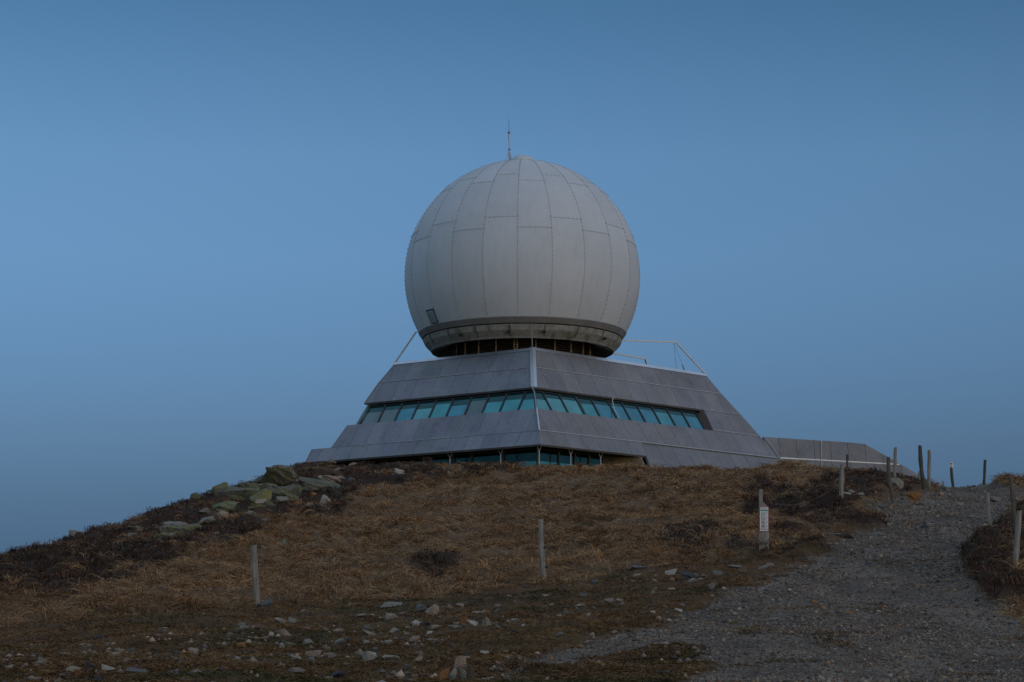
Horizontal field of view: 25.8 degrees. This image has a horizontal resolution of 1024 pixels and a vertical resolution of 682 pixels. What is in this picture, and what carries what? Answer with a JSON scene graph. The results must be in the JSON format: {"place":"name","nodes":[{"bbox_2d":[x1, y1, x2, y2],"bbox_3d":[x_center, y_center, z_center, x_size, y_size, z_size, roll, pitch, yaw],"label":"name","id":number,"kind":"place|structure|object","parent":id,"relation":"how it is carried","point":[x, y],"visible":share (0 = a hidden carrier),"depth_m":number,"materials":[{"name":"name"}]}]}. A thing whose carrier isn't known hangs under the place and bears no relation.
{"place":"outdoors","nodes":[
{"label":"outdoors","id":0,"kind":"place"},
{"bbox_2d":[0,459,1023,681],"bbox_3d":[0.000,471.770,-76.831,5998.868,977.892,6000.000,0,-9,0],"label":"hill","id":1,"kind":"structure","parent":0,"point":[357,476],"depth_m":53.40,"materials":[{"name":"brown plant"}]},
{"bbox_2d":[37,656,48,664],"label":"stone","id":2,"kind":"object","parent":1,"relation":"on","point":[43,660],"visible":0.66,"depth_m":28.42,"materials":[{"name":"grey stone"}]},
{"bbox_2d":[66,665,80,673],"bbox_3d":[-5.199,3.899,26.535,0.164,0.112,0.098,7,-11,-36],"label":"stone","id":3,"kind":"object","parent":1,"relation":"on","point":[71,668],"visible":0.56,"depth_m":26.51,"materials":[{"name":"grey stone"}]},
{"bbox_2d":[69,530,82,537],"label":"stone","id":4,"kind":"object","parent":1,"relation":"on","point":[72,532],"visible":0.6,"depth_m":68.92,"materials":[{"name":"grey stone"}]},
{"bbox_2d":[101,664,114,669],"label":"stone","id":5,"kind":"object","parent":1,"relation":"on","point":[105,667],"visible":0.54,"depth_m":26.00,"materials":[{"name":"grey stone"}]},
{"bbox_2d":[124,667,147,672],"bbox_3d":[-4.237,3.717,25.178,0.305,0.089,0.229,2,-18,2],"label":"boulder","id":6,"kind":"object","parent":1,"relation":"on","point":[132,669],"visible":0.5,"depth_m":25.12,"materials":[{"name":"grey stone"}]},
{"bbox_2d":[155,532,175,536],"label":"boulder","id":7,"kind":"object","parent":1,"relation":"on","point":[170,534],"visible":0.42,"depth_m":65.19,"materials":[{"name":"grey stone"}]},
{"bbox_2d":[161,521,186,524],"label":"boulder","id":8,"kind":"object","parent":1,"relation":"on","point":[170,522],"visible":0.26,"depth_m":70.46,"materials":[{"name":"grey stone"}]},
{"bbox_2d":[158,523,201,533],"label":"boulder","id":9,"kind":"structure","parent":1,"relation":"on","point":[172,527],"depth_m":66.75,"materials":[{"name":"grey stone"}]},
{"bbox_2d":[190,492,200,500],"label":"stone","id":10,"kind":"object","parent":1,"relation":"on","point":[196,495],"visible":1,"depth_m":76.62,"materials":[{"name":"green stone"}]},
{"bbox_2d":[199,508,211,514],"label":"stone","id":11,"kind":"object","parent":1,"relation":"on","point":[206,511],"visible":1,"depth_m":73.64,"materials":[{"name":"grey stone"}]},
{"bbox_2d":[198,516,214,523],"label":"boulder","id":12,"kind":"object","parent":1,"relation":"on","point":[209,519],"visible":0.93,"depth_m":70.18,"materials":[{"name":"grey stone"}]},
{"bbox_2d":[211,482,227,495],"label":"boulder","id":13,"kind":"object","parent":1,"relation":"on","point":[216,488],"visible":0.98,"depth_m":78.46,"materials":[{"name":"green stone"}]},
{"bbox_2d":[217,511,228,518],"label":"stone","id":14,"kind":"object","parent":1,"relation":"on","point":[220,515],"visible":0.78,"depth_m":74.24,"materials":[{"name":"grey stone"}]},
{"bbox_2d":[210,501,238,511],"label":"boulder","id":15,"kind":"object","parent":1,"relation":"on","point":[226,506],"visible":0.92,"depth_m":75.19,"materials":[{"name":"green stone"}]},
{"bbox_2d":[213,486,260,500],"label":"bedrock","id":16,"kind":"structure","parent":1,"relation":"on","point":[245,493],"depth_m":78.06,"materials":[{"name":"grey stone"}]},
{"bbox_2d":[238,482,259,487],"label":"boulder","id":17,"kind":"object","parent":1,"relation":"on","point":[248,485],"visible":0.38,"depth_m":82.48,"materials":[{"name":"grey stone"}]},
{"bbox_2d":[251,544,259,604],"bbox_3d":[-5.122,4.900,44.816,0.244,1.665,0.152,0,-9,0],"label":"fence post","id":18,"kind":"object","parent":1,"relation":"on","point":[254,568],"visible":0.69,"depth_m":44.81,"materials":[{"name":"grey wood"}]},
{"bbox_2d":[248,503,265,509],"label":"boulder","id":19,"kind":"object","parent":1,"relation":"on","point":[256,505],"visible":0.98,"depth_m":74.87,"materials":[{"name":"stone"}]},
{"bbox_2d":[249,489,271,503],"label":"boulder","id":20,"kind":"object","parent":1,"relation":"on","point":[264,493],"visible":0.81,"depth_m":77.41,"materials":[{"name":"green stone"}]},
{"bbox_2d":[255,498,266,504],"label":"stone","id":21,"kind":"object","parent":1,"relation":"on","point":[259,501],"visible":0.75,"depth_m":77.15,"materials":[{"name":"grey stone"}]},
{"bbox_2d":[257,599,271,606],"bbox_3d":[-4.897,5.204,44.369,0.290,0.202,0.206,3,-10,-16],"label":"stone","id":22,"kind":"object","parent":1,"relation":"on","point":[266,603],"visible":0.83,"depth_m":44.32,"materials":[{"name":"grey stone"}]},
{"bbox_2d":[261,483,275,489],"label":"boulder","id":23,"kind":"object","parent":1,"relation":"on","point":[265,485],"visible":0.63,"depth_m":80.94,"materials":[{"name":"grey stone"}]},
{"bbox_2d":[262,501,274,506],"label":"stone","id":24,"kind":"object","parent":1,"relation":"on","point":[269,503],"visible":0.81,"depth_m":76.84,"materials":[{"name":"stone"}]},
{"bbox_2d":[255,465,299,485],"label":"boulder","id":25,"kind":"object","parent":1,"relation":"on","point":[279,475],"visible":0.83,"depth_m":85.40,"materials":[{"name":"stone"}]},
{"bbox_2d":[273,617,285,623],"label":"stone","id":26,"kind":"object","parent":1,"relation":"on","point":[278,620],"visible":0.81,"depth_m":40.13,"materials":[{"name":"grey stone"}]},
{"bbox_2d":[276,496,289,501],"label":"stone","id":27,"kind":"object","parent":1,"relation":"on","point":[285,498],"visible":0.8,"depth_m":79.15,"materials":[{"name":"grey stone"}]},
{"bbox_2d":[265,484,302,501],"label":"bedrock","id":28,"kind":"structure","parent":1,"relation":"on","point":[294,491],"depth_m":80.33,"materials":[{"name":"grey stone"}]},
{"bbox_2d":[276,629,291,635],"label":"stone","id":29,"kind":"object","parent":1,"relation":"on","point":[284,632],"visible":0.96,"depth_m":37.38,"materials":[{"name":"grey stone"}]},
{"bbox_2d":[288,667,304,672],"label":"stone","id":30,"kind":"object","parent":1,"relation":"on","point":[295,670],"visible":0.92,"depth_m":28.11,"materials":[{"name":"grey stone"}]},
{"bbox_2d":[301,483,324,492],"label":"boulder","id":31,"kind":"object","parent":1,"relation":"on","point":[315,488],"visible":0.85,"depth_m":84.89,"materials":[{"name":"grey stone"}]},
{"bbox_2d":[305,650,321,656],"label":"stone","id":32,"kind":"object","parent":1,"relation":"on","point":[314,653],"visible":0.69,"depth_m":31.79,"materials":[{"name":"grey stone"}]},
{"bbox_2d":[297,477,342,488],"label":"bedrock","id":33,"kind":"structure","parent":1,"relation":"on","point":[317,481],"depth_m":86.81,"materials":[{"name":"grey stone"}]},
{"bbox_2d":[319,495,330,504],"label":"stone","id":34,"kind":"object","parent":1,"relation":"on","point":[324,497],"visible":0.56,"depth_m":80.48,"materials":[{"name":"grey stone"}]},
{"bbox_2d":[316,459,336,465],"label":"boulder","id":35,"kind":"object","parent":1,"relation":"on","point":[329,461],"visible":0.96,"depth_m":94.32,"materials":[{"name":"grey stone"}]},
{"bbox_2d":[323,652,336,657],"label":"stone","id":36,"kind":"object","parent":1,"relation":"on","point":[330,654],"visible":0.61,"depth_m":31.77,"materials":[{"name":"grey stone"}]},
{"bbox_2d":[321,475,342,483],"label":"boulder","id":37,"kind":"object","parent":1,"relation":"on","point":[336,479],"visible":0.66,"depth_m":88.67,"materials":[{"name":"grey stone"}]},
{"bbox_2d":[330,670,346,676],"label":"boulder","id":38,"kind":"object","parent":1,"relation":"on","point":[339,673],"visible":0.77,"depth_m":27.71,"materials":[{"name":"grey stone"}]},
{"bbox_2d":[334,638,345,645],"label":"stone","id":39,"kind":"object","parent":1,"relation":"on","point":[337,642],"visible":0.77,"depth_m":34.50,"materials":[{"name":"grey stone"}]},
{"bbox_2d":[355,614,374,616],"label":"stone","id":40,"kind":"object","parent":1,"relation":"on","point":[364,615],"visible":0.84,"depth_m":42.06,"materials":[{"name":"grey stone"}]},
{"bbox_2d":[362,651,376,660],"bbox_3d":[-1.907,4.256,30.142,0.228,0.150,0.171,0,-16,9],"label":"boulder","id":41,"kind":"object","parent":1,"relation":"on","point":[368,655],"visible":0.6,"depth_m":30.08,"materials":[{"name":"grey stone"}]},
{"bbox_2d":[381,655,399,659],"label":"boulder","id":42,"kind":"object","parent":1,"relation":"on","point":[388,657],"visible":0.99,"depth_m":30.17,"materials":[{"name":"grey stone"}]},
{"bbox_2d":[384,613,397,620],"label":"stone","id":43,"kind":"object","parent":1,"relation":"on","point":[389,616],"visible":0.92,"depth_m":39.80,"materials":[{"name":"grey stone"}]},
{"bbox_2d":[380,602,402,608],"bbox_3d":[-2.449,5.348,45.272,0.511,0.159,0.339,1,-9,-3],"label":"boulder","id":44,"kind":"object","parent":1,"relation":"on","point":[388,604],"visible":0.57,"depth_m":45.15,"materials":[{"name":"grey stone"}]},
{"bbox_2d":[415,604,427,611],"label":"stone","id":45,"kind":"object","parent":1,"relation":"on","point":[421,608],"visible":0.88,"depth_m":42.09,"materials":[{"name":"grey stone"}]},
{"bbox_2d":[425,604,438,615],"bbox_3d":[-1.448,4.932,40.950,0.273,0.248,0.167,-3,-10,18],"label":"stone","id":46,"kind":"object","parent":1,"relation":"on","point":[433,609],"visible":0.79,"depth_m":40.88,"materials":[{"name":"grey stone"}]},
{"bbox_2d":[429,625,442,629],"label":"stone","id":47,"kind":"object","parent":1,"relation":"on","point":[433,627],"visible":0.94,"depth_m":36.25,"materials":[{"name":"grey stone"}]},
{"bbox_2d":[437,668,449,680],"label":"stone","id":48,"kind":"object","parent":1,"relation":"on","point":[444,673],"visible":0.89,"depth_m":26.40,"materials":[{"name":"brown stone"}]},
{"bbox_2d":[447,668,456,679],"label":"stone","id":49,"kind":"object","parent":1,"relation":"on","point":[452,675],"visible":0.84,"depth_m":26.52,"materials":[{"name":"grey stone"}]},
{"bbox_2d":[446,625,462,628],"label":"stone","id":50,"kind":"object","parent":1,"relation":"on","point":[453,626],"visible":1,"depth_m":36.09,"materials":[{"name":"grey stone"}]},
{"bbox_2d":[454,655,466,669],"bbox_3d":[-0.642,4.022,27.912,0.161,0.194,0.080,18,-17,-11],"label":"stone","id":51,"kind":"object","parent":1,"relation":"on","point":[460,660],"visible":0.74,"depth_m":27.89,"materials":[{"name":"beige stone"}]},
{"bbox_2d":[460,668,466,680],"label":"stone","id":52,"kind":"object","parent":1,"relation":"on","point":[463,672],"visible":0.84,"depth_m":26.34,"materials":[{"name":"grey stone"}]},
{"bbox_2d":[469,620,477,626],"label":"stone","id":53,"kind":"object","parent":1,"relation":"on","point":[473,623],"visible":1,"depth_m":35.96,"materials":[{"name":"grey stone"}]},
{"bbox_2d":[482,617,491,625],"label":"stone","id":54,"kind":"object","parent":1,"relation":"on","point":[486,621],"visible":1,"depth_m":35.84,"materials":[{"name":"grey stone"}]},
{"bbox_2d":[0,526,994,681],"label":"turf pebbles","id":55,"kind":"object","parent":1,"relation":"on","point":[400,674],"visible":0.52,"depth_m":32.15,"materials":[{"name":"grey stone"}]},
{"bbox_2d":[0,510,1023,681],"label":"short turf","id":56,"kind":"structure","parent":1,"relation":"on","point":[245,670],"depth_m":33.86,"materials":[{"name":"brown plant"}]},
{"bbox_2d":[0,457,1023,598],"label":"heather bushes","id":57,"kind":"object","parent":1,"relation":"on","point":[1016,576],"visible":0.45,"depth_m":58.26,"materials":[{"name":"brown plant"}]},
{"bbox_2d":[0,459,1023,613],"bbox_3d":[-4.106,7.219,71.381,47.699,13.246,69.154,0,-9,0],"label":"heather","id":58,"kind":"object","parent":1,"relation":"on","point":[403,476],"visible":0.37,"depth_m":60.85,"materials":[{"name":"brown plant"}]},
{"bbox_2d":[538,518,547,580],"bbox_3d":[0.694,4.868,49.813,0.228,1.844,0.144,0,-9,0],"label":"fence post","id":59,"kind":"object","parent":1,"relation":"on","point":[543,567],"visible":0.82,"depth_m":49.81,"materials":[{"name":"grey wood"}]},
{"bbox_2d":[305,132,930,481],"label":"radar station","id":60,"kind":"object","parent":1,"relation":"on","point":[522,280],"visible":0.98,"depth_m":113.02,"materials":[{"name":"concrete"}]},
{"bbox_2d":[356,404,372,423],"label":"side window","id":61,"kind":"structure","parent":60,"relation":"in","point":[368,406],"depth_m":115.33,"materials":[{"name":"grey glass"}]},
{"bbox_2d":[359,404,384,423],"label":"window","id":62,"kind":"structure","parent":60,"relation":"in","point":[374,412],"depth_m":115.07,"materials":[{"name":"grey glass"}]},
{"bbox_2d":[367,459,394,464],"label":"window","id":63,"kind":"structure","parent":60,"relation":"in","point":[388,460],"depth_m":113.32,"materials":[{"name":"teal glass"}]},
{"bbox_2d":[377,403,401,422],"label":"window","id":64,"kind":"structure","parent":60,"relation":"in","point":[389,413],"depth_m":114.48,"materials":[{"name":"grey glass"}]},
{"bbox_2d":[394,401,418,420],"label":"window","id":65,"kind":"structure","parent":60,"relation":"in","point":[406,411],"depth_m":113.87,"materials":[{"name":"blue glass"}]},
{"bbox_2d":[395,456,423,463],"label":"window","id":66,"kind":"structure","parent":60,"relation":"in","point":[416,459],"depth_m":112.32,"materials":[{"name":"teal glass"}]},
{"bbox_2d":[411,399,436,419],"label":"window","id":67,"kind":"structure","parent":60,"relation":"in","point":[423,409],"depth_m":113.29,"materials":[{"name":"teal glass"}]},
{"bbox_2d":[424,454,452,465],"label":"window","id":68,"kind":"structure","parent":60,"relation":"in","point":[438,458],"depth_m":111.26,"materials":[{"name":"teal glass"}]},
{"bbox_2d":[429,398,452,417],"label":"window","id":69,"kind":"structure","parent":60,"relation":"in","point":[441,406],"depth_m":112.68,"materials":[{"name":"teal glass"}]},
{"bbox_2d":[446,396,471,415],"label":"window","id":70,"kind":"structure","parent":60,"relation":"in","point":[458,406],"depth_m":112.08,"materials":[{"name":"blue glass"}]},
{"bbox_2d":[453,453,470,464],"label":"window","id":71,"kind":"structure","parent":60,"relation":"in","point":[465,457],"depth_m":110.56,"materials":[{"name":"teal glass"}]},
{"bbox_2d":[464,395,488,414],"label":"window","id":72,"kind":"structure","parent":60,"relation":"in","point":[476,404],"depth_m":111.45,"materials":[{"name":"grey glass"}]},
{"bbox_2d":[471,450,502,463],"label":"window","id":73,"kind":"structure","parent":60,"relation":"in","point":[478,457],"depth_m":109.72,"materials":[{"name":"teal glass"}]},
{"bbox_2d":[482,393,506,412],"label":"window","id":74,"kind":"structure","parent":60,"relation":"in","point":[494,402],"depth_m":110.88,"materials":[{"name":"teal glass"}]},
{"bbox_2d":[499,391,525,411],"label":"window","id":75,"kind":"structure","parent":60,"relation":"in","point":[512,400],"depth_m":110.26,"materials":[{"name":"teal glass"}]},
{"bbox_2d":[503,448,538,466],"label":"window","id":76,"kind":"structure","parent":60,"relation":"in","point":[529,455],"depth_m":108.52,"materials":[{"name":"teal glass"}]},
{"bbox_2d":[518,390,535,409],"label":"window","id":77,"kind":"structure","parent":60,"relation":"in","point":[528,401],"depth_m":109.67,"materials":[{"name":"teal glass"}]},
{"bbox_2d":[534,390,551,409],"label":"window","id":78,"kind":"structure","parent":60,"relation":"in","point":[541,402],"depth_m":109.78,"materials":[{"name":"teal glass"}]},
{"bbox_2d":[537,448,559,466],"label":"window","id":79,"kind":"structure","parent":60,"relation":"in","point":[546,455],"depth_m":108.60,"materials":[{"name":"teal glass"}]},
{"bbox_2d":[542,391,567,411],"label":"window","id":80,"kind":"structure","parent":60,"relation":"in","point":[554,400],"depth_m":110.48,"materials":[{"name":"teal glass"}]},
{"bbox_2d":[559,450,574,465],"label":"window","id":81,"kind":"structure","parent":60,"relation":"in","point":[564,456],"depth_m":109.40,"materials":[{"name":"teal glass"}]},
{"bbox_2d":[559,394,583,413],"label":"window","id":82,"kind":"structure","parent":60,"relation":"in","point":[570,402],"depth_m":111.26,"materials":[{"name":"teal glass"}]},
{"bbox_2d":[575,452,589,465],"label":"window","id":83,"kind":"structure","parent":60,"relation":"in","point":[584,458],"depth_m":110.19,"materials":[{"name":"teal glass"}]},
{"bbox_2d":[576,396,599,415],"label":"window","id":84,"kind":"structure","parent":60,"relation":"in","point":[587,405],"depth_m":112.02,"materials":[{"name":"teal glass"}]},
{"bbox_2d":[590,454,603,466],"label":"window","id":85,"kind":"structure","parent":60,"relation":"in","point":[594,458],"depth_m":110.83,"materials":[{"name":"teal glass"}]},
{"bbox_2d":[591,398,617,418],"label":"window","id":86,"kind":"structure","parent":60,"relation":"in","point":[603,407],"depth_m":112.82,"materials":[{"name":"blue glass"}]},
{"bbox_2d":[608,400,630,419],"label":"window","id":87,"kind":"structure","parent":60,"relation":"in","point":[621,411],"depth_m":113.57,"materials":[{"name":"blue glass"}]},
{"bbox_2d":[622,402,645,421],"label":"window","id":88,"kind":"structure","parent":60,"relation":"in","point":[632,409],"depth_m":114.29,"materials":[{"name":"blue glass"}]},
{"bbox_2d":[637,404,660,423],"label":"window","id":89,"kind":"structure","parent":60,"relation":"in","point":[647,411],"depth_m":115.04,"materials":[{"name":"blue glass"}]},
{"bbox_2d":[652,406,675,425],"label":"window","id":90,"kind":"structure","parent":60,"relation":"in","point":[662,413],"depth_m":115.82,"materials":[{"name":"teal glass"}]},
{"bbox_2d":[667,408,690,427],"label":"window","id":91,"kind":"structure","parent":60,"relation":"in","point":[678,417],"depth_m":116.60,"materials":[{"name":"blue glass"}]},
{"bbox_2d":[681,410,704,429],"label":"window","id":92,"kind":"structure","parent":60,"relation":"in","point":[692,418],"depth_m":117.37,"materials":[{"name":"blue glass"}]},
{"bbox_2d":[629,565,647,570],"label":"boulder","id":93,"kind":"object","parent":1,"relation":"on","point":[636,567],"visible":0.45,"depth_m":50.39,"materials":[{"name":"grey stone"}]},
{"bbox_2d":[665,569,676,574],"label":"stone","id":94,"kind":"object","parent":1,"relation":"on","point":[671,572],"visible":0.94,"depth_m":47.91,"materials":[{"name":"grey stone"}]},
{"bbox_2d":[681,572,697,578],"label":"boulder","id":95,"kind":"object","parent":1,"relation":"on","point":[687,575],"visible":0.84,"depth_m":45.91,"materials":[{"name":"grey stone"}]},
{"bbox_2d":[711,570,725,574],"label":"stone","id":96,"kind":"object","parent":1,"relation":"on","point":[716,572],"visible":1,"depth_m":46.30,"materials":[{"name":"grey stone"}]},
{"bbox_2d":[759,489,768,550],"bbox_3d":[5.733,4.176,51.067,0.240,1.621,0.194,0,-9,0],"label":"signpost","id":97,"kind":"object","parent":1,"relation":"on","point":[763,521],"visible":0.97,"depth_m":50.98,"materials":[{"name":"grey wood"}]},
{"bbox_2d":[839,464,843,497],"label":"fence post","id":98,"kind":"object","parent":1,"relation":"on","point":[841,483],"visible":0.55,"depth_m":66.35,"materials":[{"name":"grey wood"}]},
{"bbox_2d":[828,533,855,538],"bbox_3d":[8.202,4.891,55.818,0.773,0.172,0.580,1,-14,20],"label":"boulder","id":99,"kind":"object","parent":1,"relation":"on","point":[848,536],"visible":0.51,"depth_m":55.58,"materials":[{"name":"grey stone"}]},
{"bbox_2d":[886,456,894,502],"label":"fence post","id":100,"kind":"object","parent":1,"relation":"on","point":[889,481],"visible":0.76,"depth_m":71.02,"materials":[{"name":"brown wood"}]},
{"bbox_2d":[893,447,896,476],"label":"fence post","id":101,"kind":"object","parent":1,"relation":"on","point":[894,461],"visible":0.7,"depth_m":84.33,"materials":[{"name":"grey wood"}]},
{"bbox_2d":[892,478,903,489],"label":"boulder","id":102,"kind":"object","parent":1,"relation":"on","point":[899,483],"visible":0.62,"depth_m":79.02,"materials":[{"name":"grey stone"}]},
{"bbox_2d":[905,491,921,500],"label":"boulder","id":103,"kind":"object","parent":1,"relation":"on","point":[914,495],"visible":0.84,"depth_m":73.44,"materials":[{"name":"orange stone"}]},
{"bbox_2d":[918,445,925,490],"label":"fence post","id":104,"kind":"object","parent":1,"relation":"on","point":[922,476],"visible":0.79,"depth_m":82.31,"materials":[{"name":"brown wood"}]},
{"bbox_2d":[927,450,930,487],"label":"fence post","id":105,"kind":"object","parent":1,"relation":"on","point":[928,467],"visible":0.71,"depth_m":84.52,"materials":[{"name":"grey wood"}]},
{"bbox_2d":[949,462,953,486],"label":"fence post","id":106,"kind":"object","parent":1,"relation":"on","point":[951,472],"visible":0.75,"depth_m":89.27,"materials":[{"name":"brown wood"}]},
{"bbox_2d":[982,460,986,484],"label":"fence post","id":107,"kind":"object","parent":1,"relation":"on","point":[984,473],"visible":0.69,"depth_m":88.77,"materials":[{"name":"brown wood"}]},
{"bbox_2d":[985,492,991,525],"bbox_3d":[11.576,4.468,54.077,0.258,1.648,0.119,0,-9,0],"label":"fence post","id":108,"kind":"object","parent":1,"relation":"on","point":[987,501],"visible":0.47,"depth_m":54.10,"materials":[{"name":"grey wood"}]},
{"bbox_2d":[1009,478,1015,535],"bbox_3d":[12.125,4.250,54.018,0.227,1.886,0.123,0,-9,0],"label":"fence post","id":109,"kind":"object","parent":1,"relation":"on","point":[1012,495],"visible":0.57,"depth_m":54.04,"materials":[{"name":"brown wood"}]},
{"bbox_2d":[1012,510,1021,567],"bbox_3d":[10.104,4.184,44.872,0.297,1.600,0.131,0,-9,0],"label":"fence post","id":110,"kind":"object","parent":1,"relation":"on","point":[1016,549],"visible":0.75,"depth_m":44.88,"materials":[{"name":"grey wood"}]},
{"bbox_2d":[0,0,1023,553],"label":"sky","id":111,"kind":"structure","parent":0,"point":[211,210],"materials":[{"name":"blue"}]},
{"bbox_2d":[501,480,1023,681],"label":"path","id":112,"kind":"structure","parent":0,"point":[911,591],"depth_m":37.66,"materials":[{"name":"grey gravel"}]},
{"bbox_2d":[990,496,1000,501],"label":"stone","id":113,"kind":"object","parent":112,"relation":"on","point":[994,499],"visible":0.81,"depth_m":73.02,"materials":[{"name":"grey stone"}]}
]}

--------------------

> **What to produce**
Within the records above, each line containing "green" is to be returned.

> **Finished exercise**
{"bbox_2d":[190,492,200,500],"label":"stone","id":10,"kind":"object","parent":1,"relation":"on","point":[196,495],"visible":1,"depth_m":76.62,"materials":[{"name":"green stone"}]},
{"bbox_2d":[211,482,227,495],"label":"boulder","id":13,"kind":"object","parent":1,"relation":"on","point":[216,488],"visible":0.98,"depth_m":78.46,"materials":[{"name":"green stone"}]},
{"bbox_2d":[210,501,238,511],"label":"boulder","id":15,"kind":"object","parent":1,"relation":"on","point":[226,506],"visible":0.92,"depth_m":75.19,"materials":[{"name":"green stone"}]},
{"bbox_2d":[249,489,271,503],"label":"boulder","id":20,"kind":"object","parent":1,"relation":"on","point":[264,493],"visible":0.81,"depth_m":77.41,"materials":[{"name":"green stone"}]},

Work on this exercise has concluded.